* _Task brief_
Locate the line that contains "Q: Stroke contrast? A: Low." in the entries below, then repeat it and every following line through the line that contains "Q: Monospaced? A: No.", exactly, and no others.

* _Records from a collection_
== Segment start ==
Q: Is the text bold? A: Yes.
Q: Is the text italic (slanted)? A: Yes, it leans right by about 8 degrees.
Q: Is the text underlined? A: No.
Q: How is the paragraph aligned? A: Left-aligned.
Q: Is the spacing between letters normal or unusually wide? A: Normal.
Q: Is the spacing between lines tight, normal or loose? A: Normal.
== Segment end ==
== Segment start ==
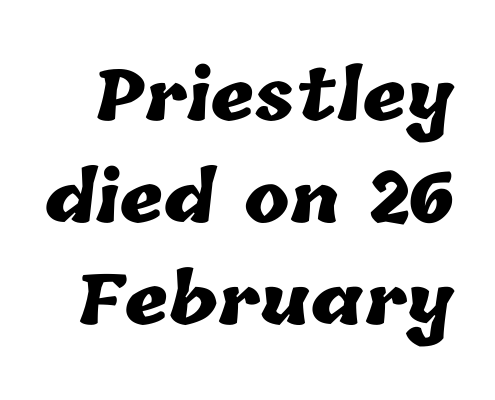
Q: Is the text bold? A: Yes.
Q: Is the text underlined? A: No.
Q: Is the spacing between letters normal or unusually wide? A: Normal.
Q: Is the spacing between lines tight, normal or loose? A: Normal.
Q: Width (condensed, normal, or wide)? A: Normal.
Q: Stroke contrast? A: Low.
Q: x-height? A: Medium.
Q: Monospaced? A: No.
== Segment end ==
* _Solution for this task_
Q: Stroke contrast? A: Low.
Q: x-height? A: Medium.
Q: Monospaced? A: No.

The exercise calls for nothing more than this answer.